This article was originally published by Mennonite World Review

Has God made a just world?

In our previous lesson we saw that even amid all his trauma Job remains steadfast. He continues to live in the light of his commitment to righteousness. He trusts God and lives blamelessly.

Grimsrud
Grimsrud

But Job’s test continues. In chapter 24 we read his challenge to God. It’s like Job is saying, I know God is just because I have experienced this in my own life and committed myself to living in light of that justice. But now that is all up in the air. Job’s own trauma sensitizes him to the profound trauma in the world around him.

Job’s faith in God causes him to issue a sharp challenge to God. He’s not willing to accept the claims of his “friends” that he must deserve his suffering due to his sin.

If we are honest about the world we live in, we must agree that Job has a pretty strong argument here. We know, if we pay attention, that “there are those who snatch the orphan child from the breast.” There are those who “harm the childless woman and do no good to the widow.”

At the same time, it does appear that “God prolongs the life of the mighty by his power.”

And to top off all this apparent injustice: “God charges no one with wrongdoing” (24:12). One of Job’s questions is: Why do the righteous suffer? The other side of the coin is: Why do the unjust prosper? And, most challenging of all: Why does God let it happen?

It probably would do us good simply to sit with these questions awhile. Does Job accurately portray this world we live in? If the world is unjust, what does that mean for people who put their faith in God?

When we read the conclusion to the story in Job 42, we are tempted to make a mistake and see the message as a repudiation of Job’s challenges. Perhaps it would be better to say Job’s challenge to God’s apparent lack of justice is appropriate as far as it goes, but such a challenge does Job little good.

Railing against God reflects Job’s obsession with justice — an obsession that fits with his rigorous steadfastness but does not mend his broken heart.

When Job says, “I despise myself and repent in dust and ashes,” maybe he is not so much saying that he repents for questioning God.

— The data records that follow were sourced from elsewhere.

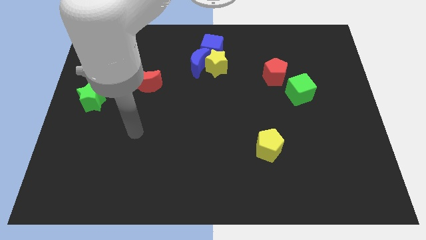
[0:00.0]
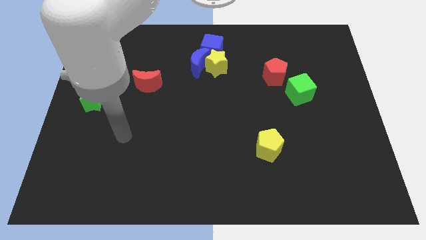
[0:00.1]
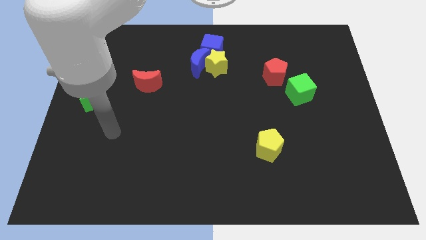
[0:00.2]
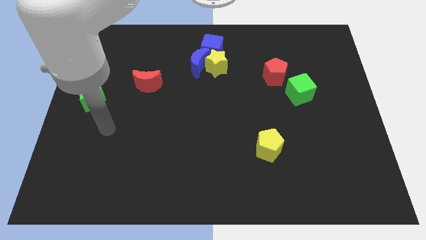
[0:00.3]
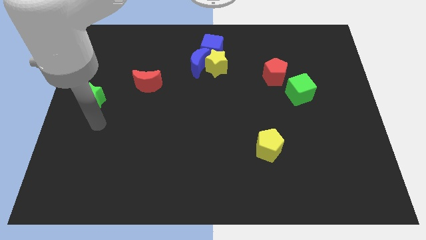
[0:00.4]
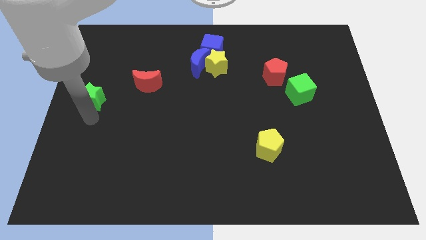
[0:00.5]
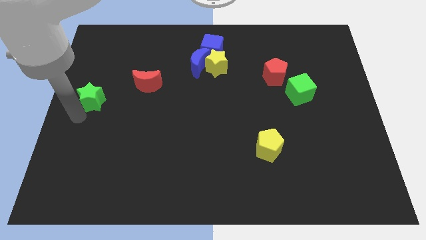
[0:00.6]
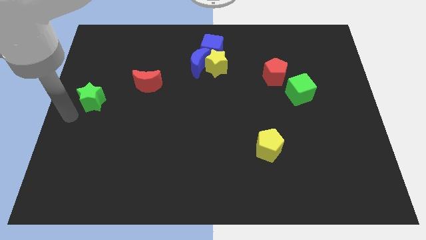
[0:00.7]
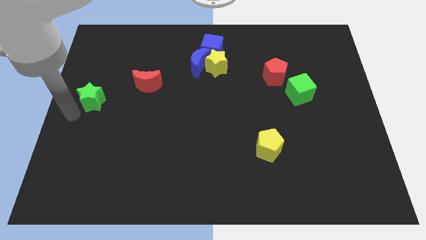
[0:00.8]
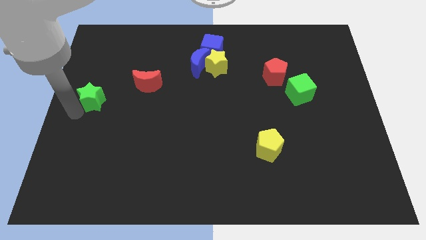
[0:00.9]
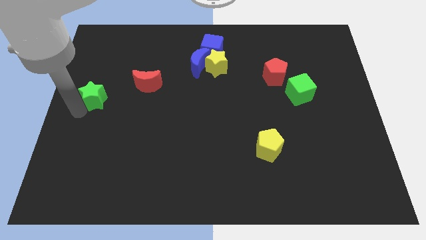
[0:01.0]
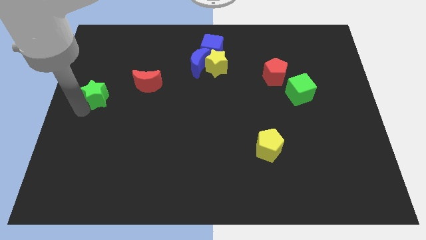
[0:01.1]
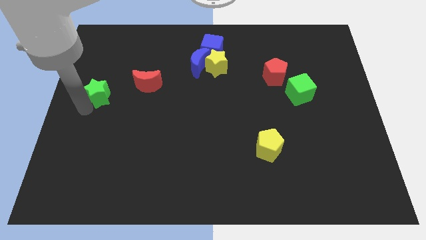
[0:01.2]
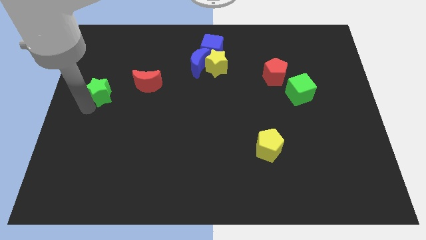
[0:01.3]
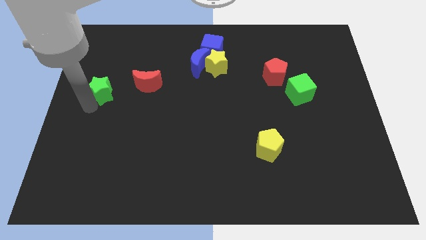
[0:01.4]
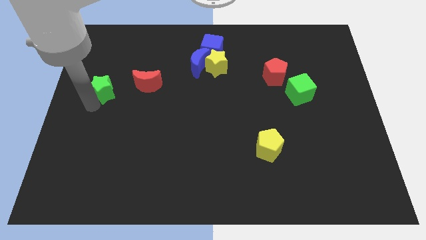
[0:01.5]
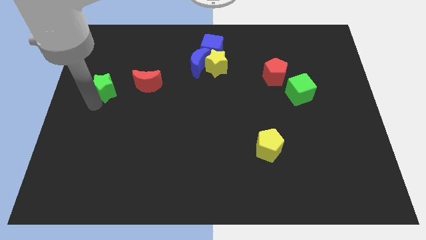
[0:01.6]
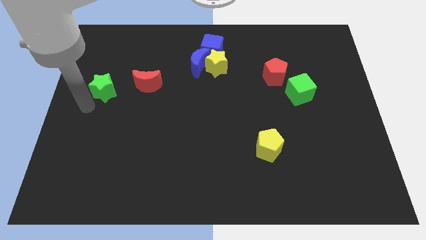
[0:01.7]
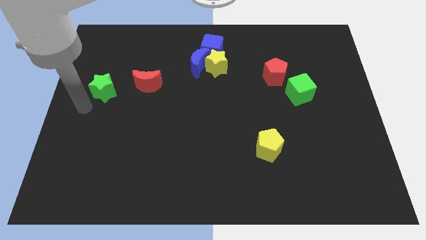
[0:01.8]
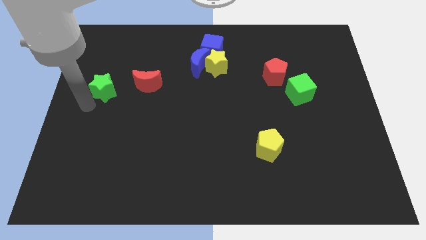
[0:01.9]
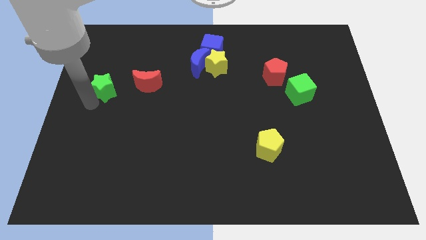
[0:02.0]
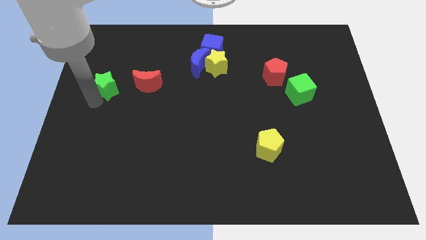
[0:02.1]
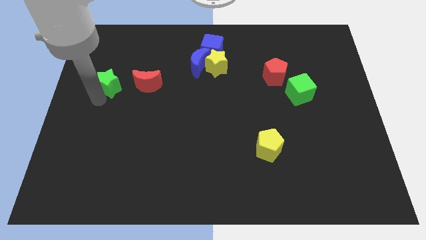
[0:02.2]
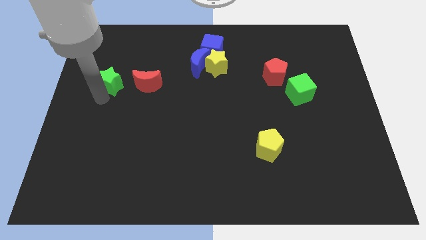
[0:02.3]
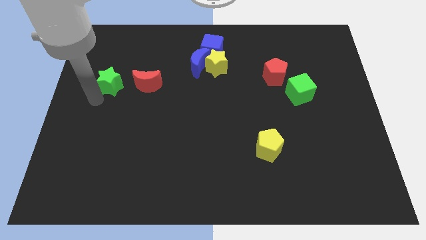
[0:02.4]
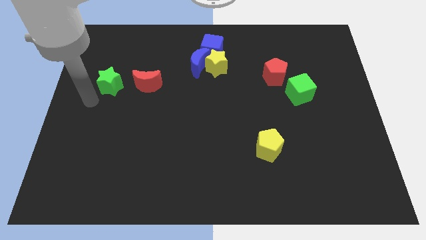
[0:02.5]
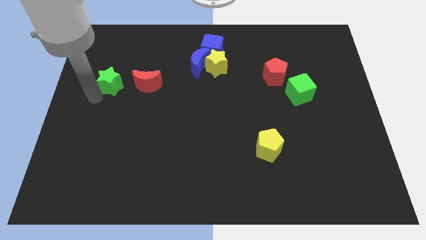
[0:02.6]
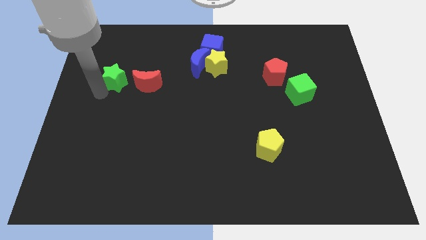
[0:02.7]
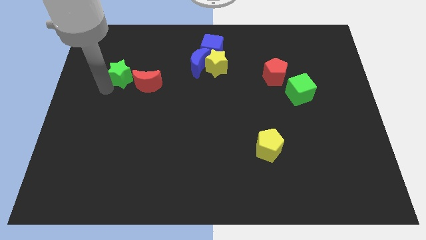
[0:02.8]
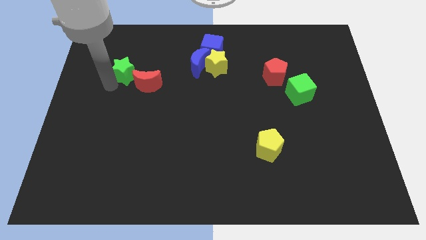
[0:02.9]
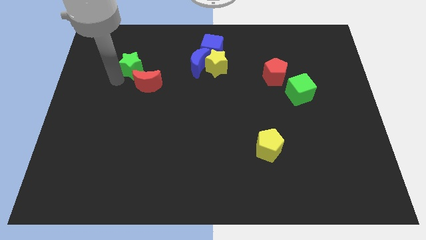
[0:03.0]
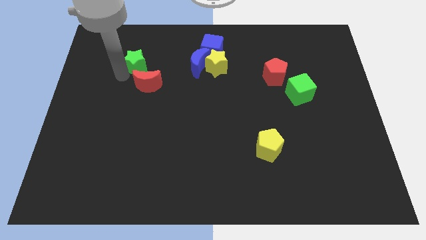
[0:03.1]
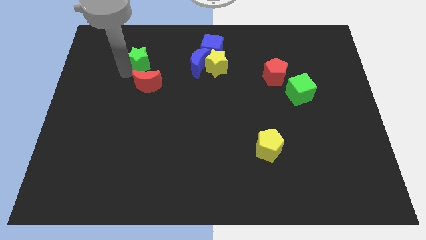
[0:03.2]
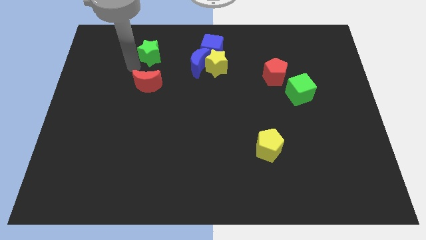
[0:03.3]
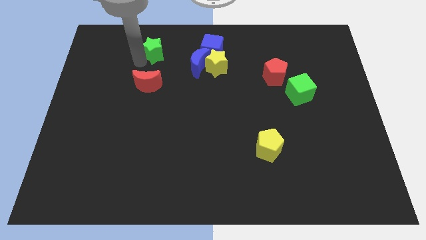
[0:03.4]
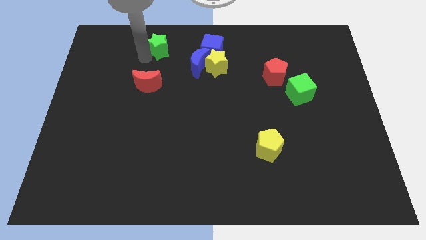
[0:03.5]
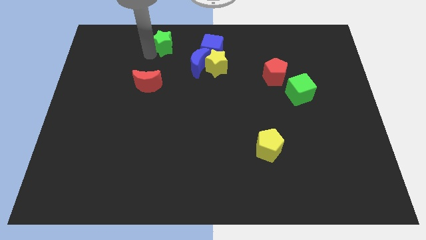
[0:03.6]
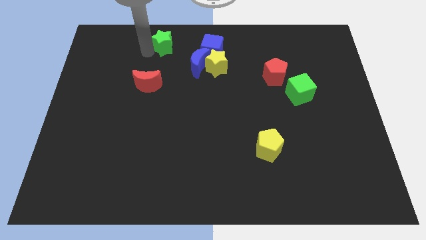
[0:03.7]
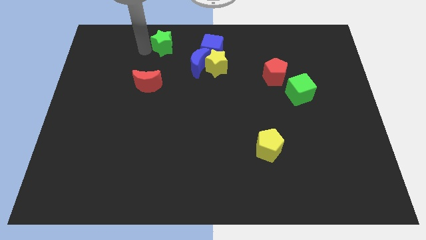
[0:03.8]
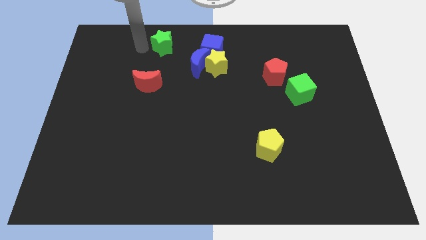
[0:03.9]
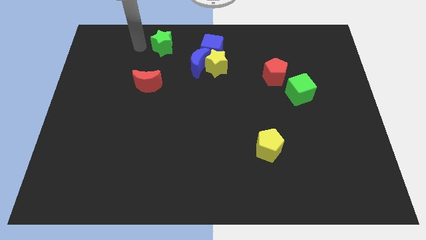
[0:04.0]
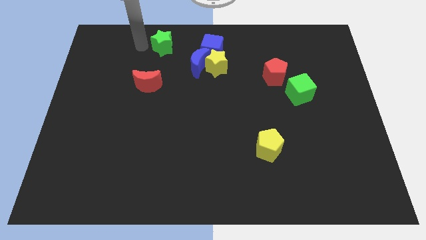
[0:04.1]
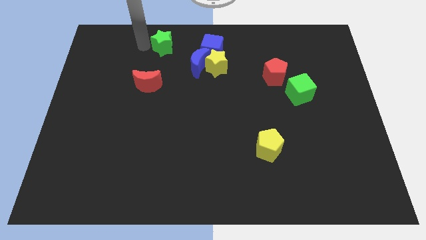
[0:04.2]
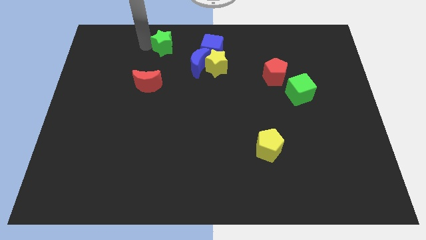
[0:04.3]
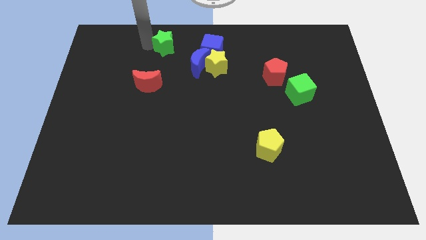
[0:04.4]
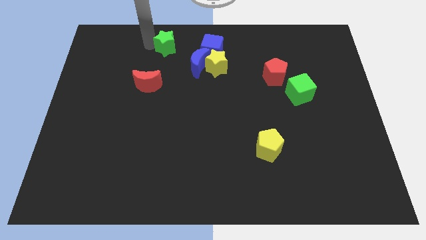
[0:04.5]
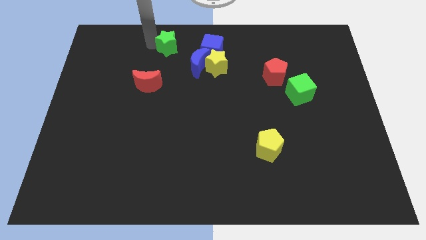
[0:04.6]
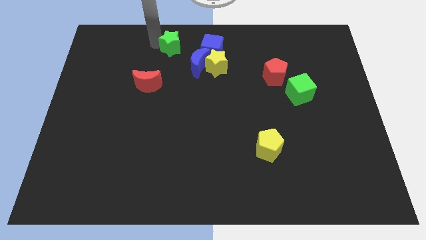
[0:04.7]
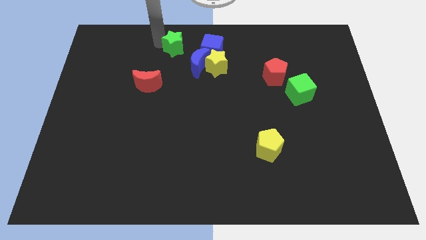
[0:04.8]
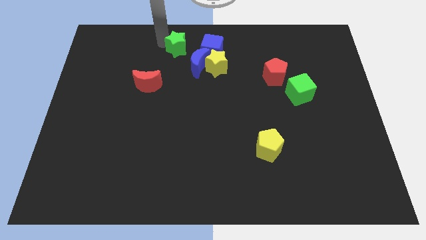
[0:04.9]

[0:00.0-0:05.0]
slide the green star to the towards your base

Rather, maybe he is saying he repents for being obsessed with demanding that God make life just.

One message from God’s belated response to Job (chapters 38-39) is that indeed the world is not neat and tidy. There is chaos, and in the chaos injustice. God doesn’t stop that. (Perhaps God can’t?)

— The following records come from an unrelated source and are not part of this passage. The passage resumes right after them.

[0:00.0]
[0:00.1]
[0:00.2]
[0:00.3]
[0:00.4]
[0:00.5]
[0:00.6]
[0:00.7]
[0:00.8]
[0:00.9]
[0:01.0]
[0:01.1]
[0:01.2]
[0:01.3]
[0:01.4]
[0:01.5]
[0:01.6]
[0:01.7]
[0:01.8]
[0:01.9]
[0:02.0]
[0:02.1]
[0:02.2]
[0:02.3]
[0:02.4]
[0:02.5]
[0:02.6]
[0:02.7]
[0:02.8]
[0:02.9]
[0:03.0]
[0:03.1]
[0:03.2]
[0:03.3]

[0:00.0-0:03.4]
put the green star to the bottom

Where does one find comfort then? In the recognition that beyond the chaos the earth does rest on firm foundations: The sun rises each day. The sustenance of life remains.

Job is vindicated before his friends — and, remarkably, they are treated graciously by God in light of Job’s prayer on their behalf.

Finally, “the Lord restores Job’s fortunes” — not, I suspect, in the sense that now Job can forget his losses. But Job is able to move on as he accepts the kind of comfort that the world is capable of giving him. In such acceptance, Job is freed from his spiral of grief and from demanding a justice that the world does not offer.

Ted Grimsrud is professor of theology and peace studies at Eastern Mennonite University in Harrisonburg, Va.